Tappi microdissezione sono stati inseriti in provette da microcentrifuga 0,5 ml contenente 50 uL di un tampone di lisi (7 M urea, 2 M tiourea, 4% w /v CHAPS, 65 mM DTT, 0,5% v /VTX-100, 40 mMTris-base, e completa inibitore della proteasi cocktail). Quindi le cellule sono state solubilizzati per inversione di tubi seguita da vortex-miscelazione per 1 min e breve impulso-centrifugazione a 12 000 × g. In seguito, i tessuti da più tappi (circa 800.000 ~ 1.000.000 di cellule) sono stati estratti nello stesso tampone di lisi fino sufficiente materiale era stato raccolto. I campioni sono stati centrifugati a 40.000 xg per 1 ora a 4 ° C. Ove necessario, supernatanti sono stati conservati a -80 ° C fino all'utilizzo. La concentrazione proteica è stata determinata con il metodo di Bradford.
2-DE
Il primo-dimensionale focalizzazione isoelettrica (IEF) è stata effettuata sulla Pharmacia Immobiline IPG DryStrip sistema (Uppsala, Svezia). Per la prima dimensione di elettroforesi, i campioni contenenti 60 proteine ​​ug per i gel di analisi sono stati diluiti a 250 uL di una soluzione di reidratazione (7 M urea, 2% w /v CHAPS, 50 mM DTT, 0,5% v /v tampone di IPG (pH 3-10 non lineare), e traccia blu di bromofenolo) prima del caricamento su 13 cm strisce IPG (pH3-10 non lineari). IEF è stata poi effettuata utilizzando unità elettroforesi IPGphor secondo le istruzioni del produttore. Successivamente, le strisce sono state equilibrate con una soluzione (6 M urea, 30% v /v di glicerolo, 2% w /v SDS, 50 mM Tris-HCl, pH 8.8), ridotti con 1% w /v DTT per 15 min e alchilata con 2,5% w /v iodoacetamide per 15 min. Strisce furono lavate in tampone di elettroforesi (25 di base mM Tris, 192 mM glicina, e 0,1% w /v SDS), applicato al 11% di gel di acrilamide e sigillati con agarosio fuso (0,5% w /v agarosio in tampone di elettroforesi contenente un traccia di blu di bromofenolo). SDS-PAGE è stata effettuata utilizzando Hoefer SE 600 camere verticali e tampone Tris-glicina (25 mM Tris e 192 mM glicina) contenente 0,1% w /v SDS, con la separazione iniziale a una costante 10 mA /gel per 30 minuti seguito da 20 mA /gel. La seconda dimensione SDS-PAGE è stata sviluppata finché il marker colorante blu di bromofenolo ha raggiunto il fondo del gel. Il tempo totale di esecuzione era tipicamente 4 a 4,5 ore. Gel sono stati fissati in 10% v /v di acido acetico, 40% v /v di etanolo prima sensibilizzazione per 30 minuti in un tampone contenente 30% v /v di etanolo, 0,2% w /v tiosolfato di sodio e 0,83 M acetato di sodio. Questo è stato seguito da tre lavaggi 15 min in acqua deionizzata. Le proteine ​​sono state poi colorate con 0,1% w /v di nitrato d'argento per 20 minuti, lavate due volte in acqua deionizzata per 1 min, e sviluppati in 2.5% w /v contenente carbonato di sodio 0,04% v /v di formaldeide (soluzione 37%). Lo sviluppo è stato interrotto con 1% v /v di acido acetico, ei gel sono stati lavati tre volte in acqua.

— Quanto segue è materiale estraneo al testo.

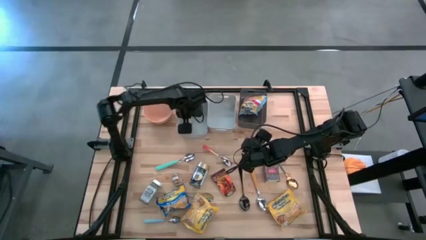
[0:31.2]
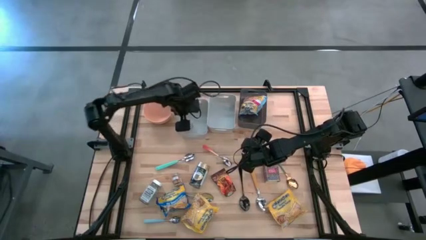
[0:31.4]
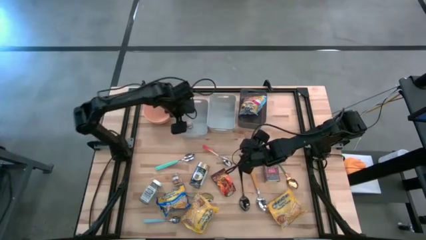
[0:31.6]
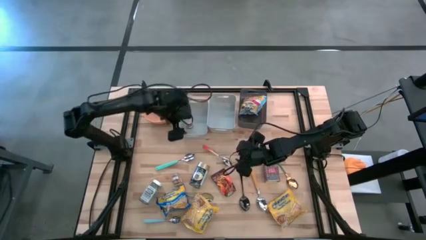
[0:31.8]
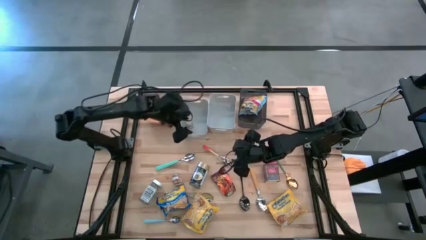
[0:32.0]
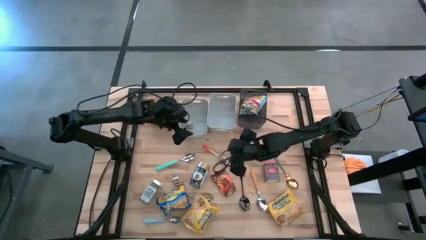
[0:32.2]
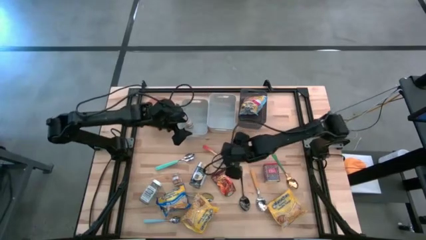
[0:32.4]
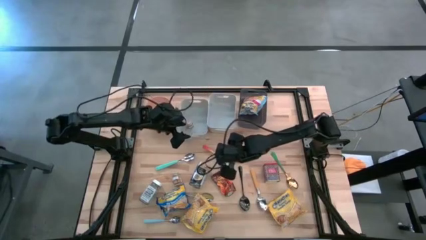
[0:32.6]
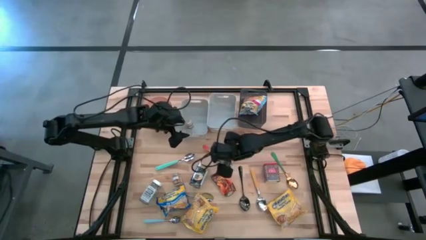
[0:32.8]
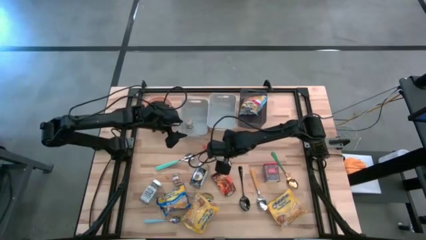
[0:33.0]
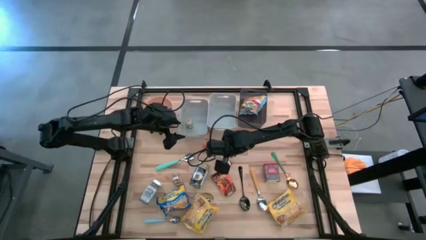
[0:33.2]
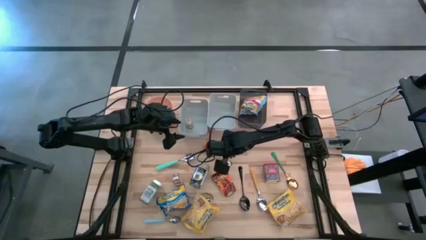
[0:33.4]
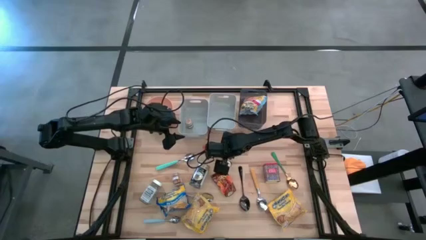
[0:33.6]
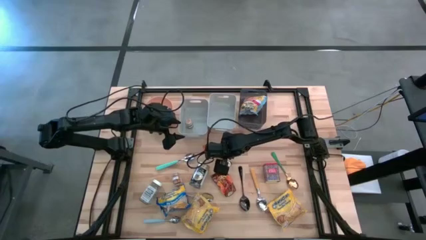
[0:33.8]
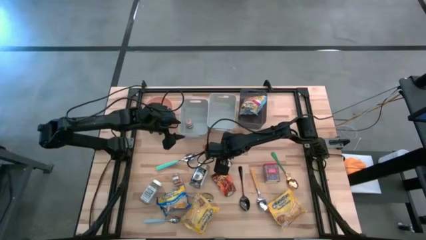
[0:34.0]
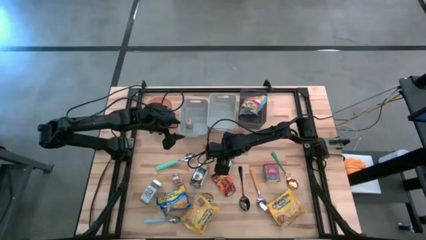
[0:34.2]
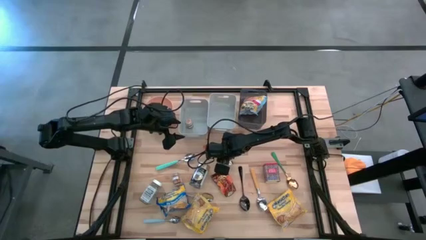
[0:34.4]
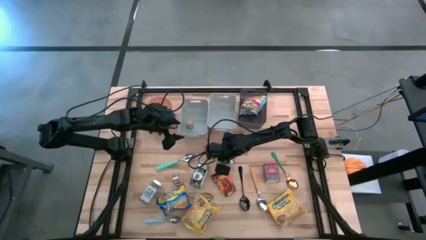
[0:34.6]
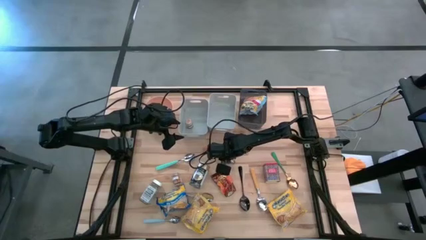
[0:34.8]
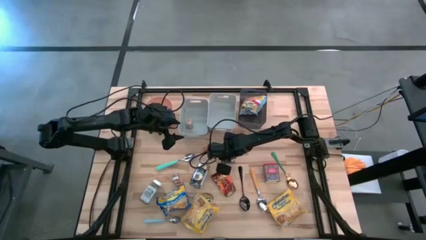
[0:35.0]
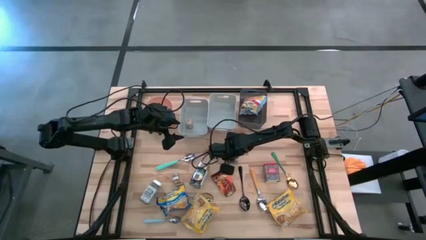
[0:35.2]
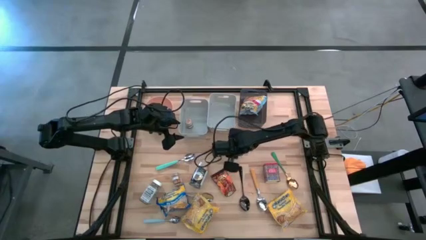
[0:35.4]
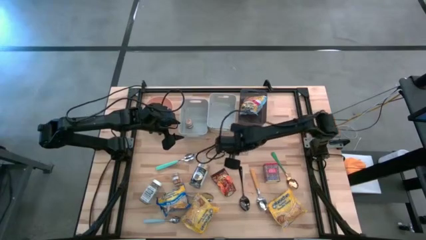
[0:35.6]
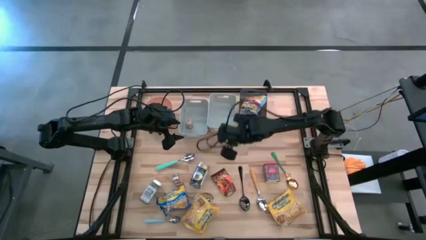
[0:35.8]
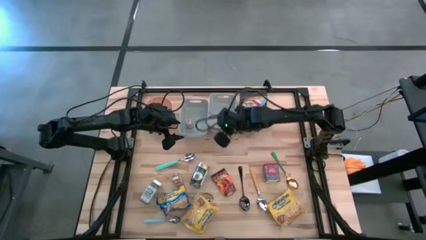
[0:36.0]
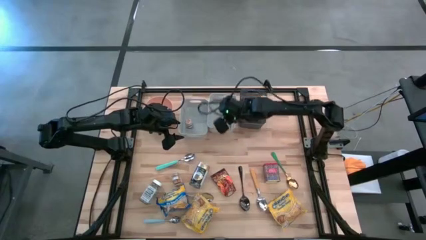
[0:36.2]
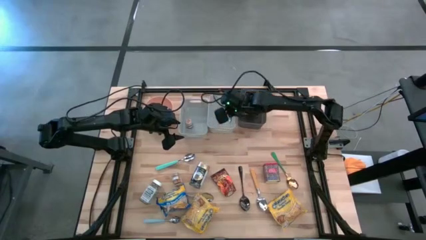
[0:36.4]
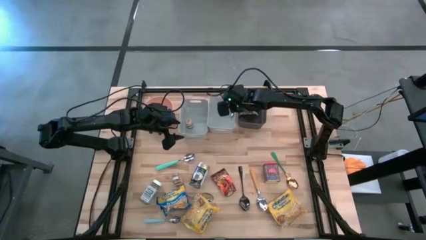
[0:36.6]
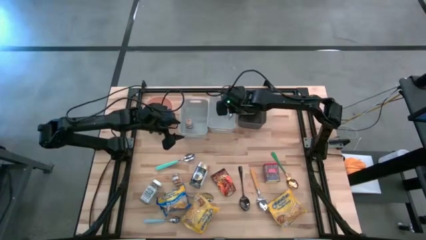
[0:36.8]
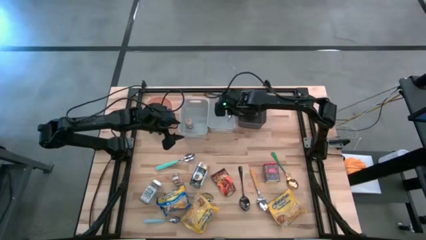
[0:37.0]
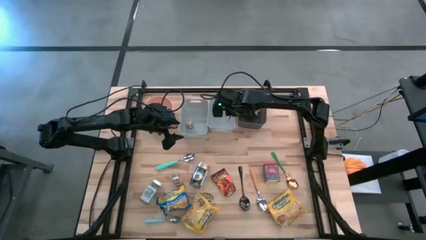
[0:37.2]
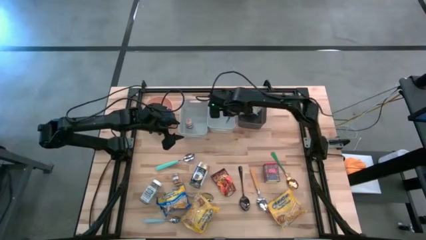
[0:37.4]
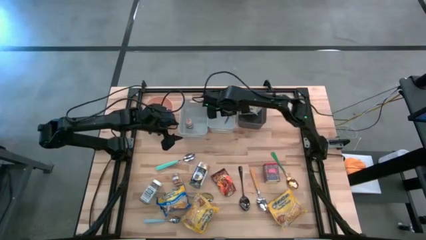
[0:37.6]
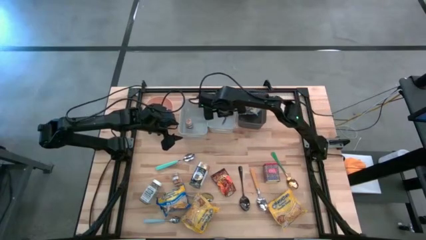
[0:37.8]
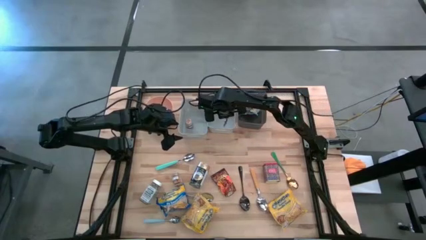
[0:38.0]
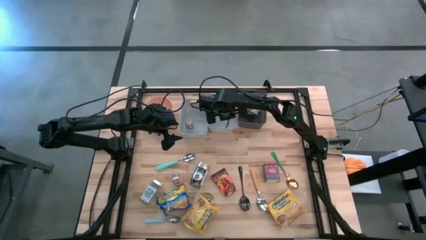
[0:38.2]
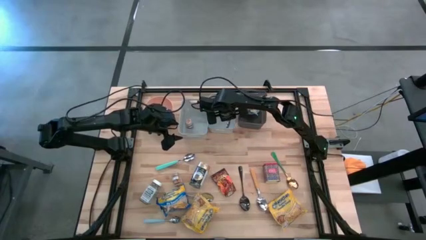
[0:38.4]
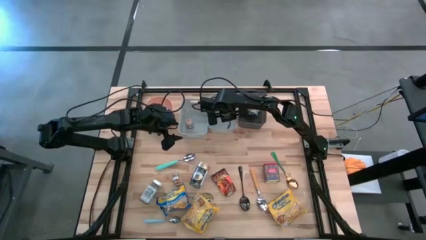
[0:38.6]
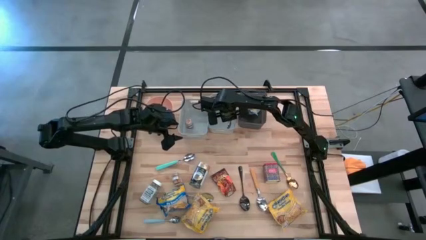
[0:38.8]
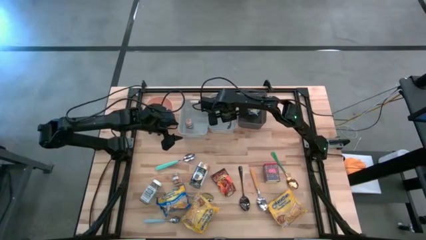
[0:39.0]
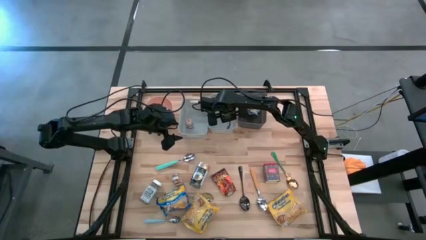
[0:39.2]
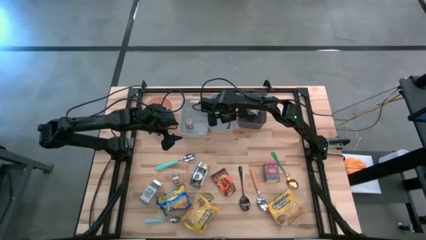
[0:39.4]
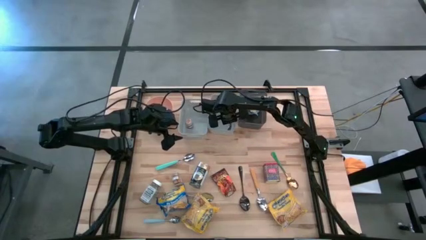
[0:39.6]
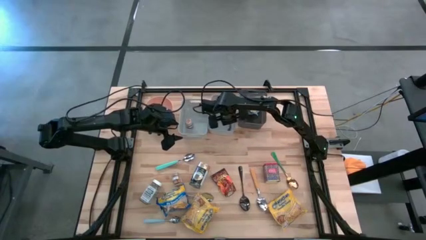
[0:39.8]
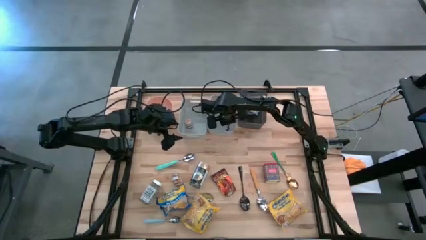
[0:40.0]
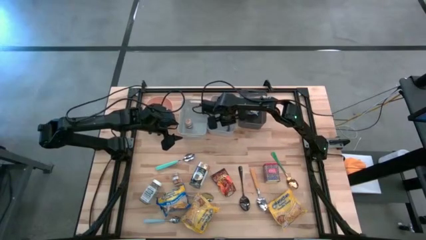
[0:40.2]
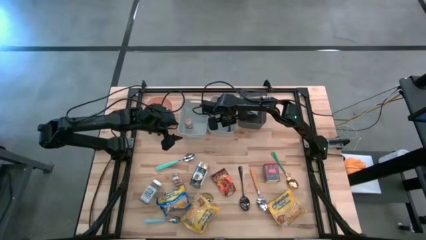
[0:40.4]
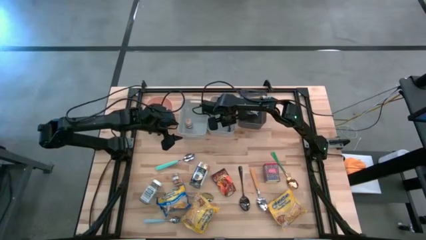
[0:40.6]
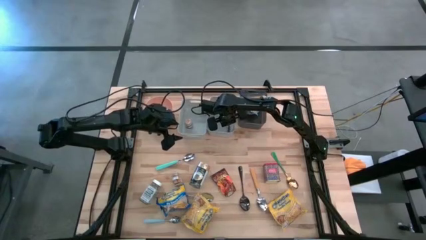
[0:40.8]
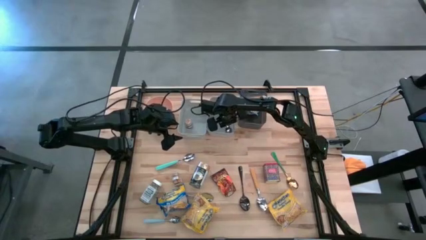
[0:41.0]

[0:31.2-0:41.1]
Put the orange spoon into the right gray bin

Analisi di immagine e l'analisi statistica
Umax IMAGESCANNER (Amersham Biosciences) è stato utilizzato per la scansione dei gel, mentre immagine master ™ software 2D Versione platino 5.0 (Amersham Biosciences) è stato utilizzato per il rilevamento di posizione, la quantificazione, e la congruenza. L'intensità di ciascun punto è stato quantificato in volume%. I dati sono stati poi analizzati utilizzando SPSS per Windows 11.5 ed Excel. di t-test
è stato utilizzato per analizzare le differenze nei livelli di proteina tra i campioni GCA e non tumorali, con un livello di confidenza del 95%.

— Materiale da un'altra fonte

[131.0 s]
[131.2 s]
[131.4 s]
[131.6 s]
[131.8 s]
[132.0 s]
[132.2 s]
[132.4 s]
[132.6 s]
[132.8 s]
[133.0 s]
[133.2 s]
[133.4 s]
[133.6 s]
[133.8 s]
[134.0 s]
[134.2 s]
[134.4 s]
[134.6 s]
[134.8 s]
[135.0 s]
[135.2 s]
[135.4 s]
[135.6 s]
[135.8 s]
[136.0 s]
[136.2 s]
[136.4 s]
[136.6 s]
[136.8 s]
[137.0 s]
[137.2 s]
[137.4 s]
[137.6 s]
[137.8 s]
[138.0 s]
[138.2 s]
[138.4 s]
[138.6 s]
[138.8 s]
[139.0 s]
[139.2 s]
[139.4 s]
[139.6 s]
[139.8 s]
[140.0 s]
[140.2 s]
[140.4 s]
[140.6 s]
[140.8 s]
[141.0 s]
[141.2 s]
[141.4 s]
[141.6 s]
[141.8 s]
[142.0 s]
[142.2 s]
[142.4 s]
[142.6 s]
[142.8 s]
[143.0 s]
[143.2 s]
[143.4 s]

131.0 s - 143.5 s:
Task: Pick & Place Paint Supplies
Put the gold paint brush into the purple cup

MALDI-TOF-MS e ricerca del database
coerente e significativamente differenti per studenti punti selezionati per l'analisi mediante MALDI-TOF MS. macchie proteina di interesse sono stati asportati e macinate in piccoli pezzi seguiti da decolorante e lavaggio con acqua deionizzata per diverse volte fino a quando il colore giallo è scomparso. pezzi di gel furono lavate con 25 mM di bicarbonato di ammonio, disidratato con ACN, ed essiccati in una centrifuga a vuoto. In seguito, le proteine ​​in-gel sono stati digeriti con 0,02 ug /ul tripsina notte a 37 ° C. peptidi triptici stati poi ri-dissolto in una soluzione contenente 50% v /v ACN e 0,2% v /v TFA. A 2 uL porzione è stata macchiato su una piastra campione con 4 uL di soluzione di matrice CHCA (a-ciano-4-hydroxcinnamic acid, 10 mg /ml in 50% v /v ACN, 0,2% v /v TFA) e lasciata all'aria secco. Le macchie secche sono stati poi analizzati in un Voyager DE MALDI-TOF MS (Framingham, MA, USA). Questo è stato seguito eseguendo spettrometro in modalità ioni positivi e in modalità riflettore con le seguenti impostazioni: tensione di accelerazione, 20 KV; Tensione gride, 94%; guida di tensione del filo, 0,01%; e un ritardo di 200 ns. Gli spettri sono stati acquisiti manualmente con l'intensità del laser fissato a 3200 con 80 colpi al spettro. Poi il range di massa è stato fissato tra m
/z
500 e m
/z
5000. calibrazione interno è stato applicato con angiotensina II e l'insulina B picchi catena a 912,08 Da e 3495,95 Da rispettivamente.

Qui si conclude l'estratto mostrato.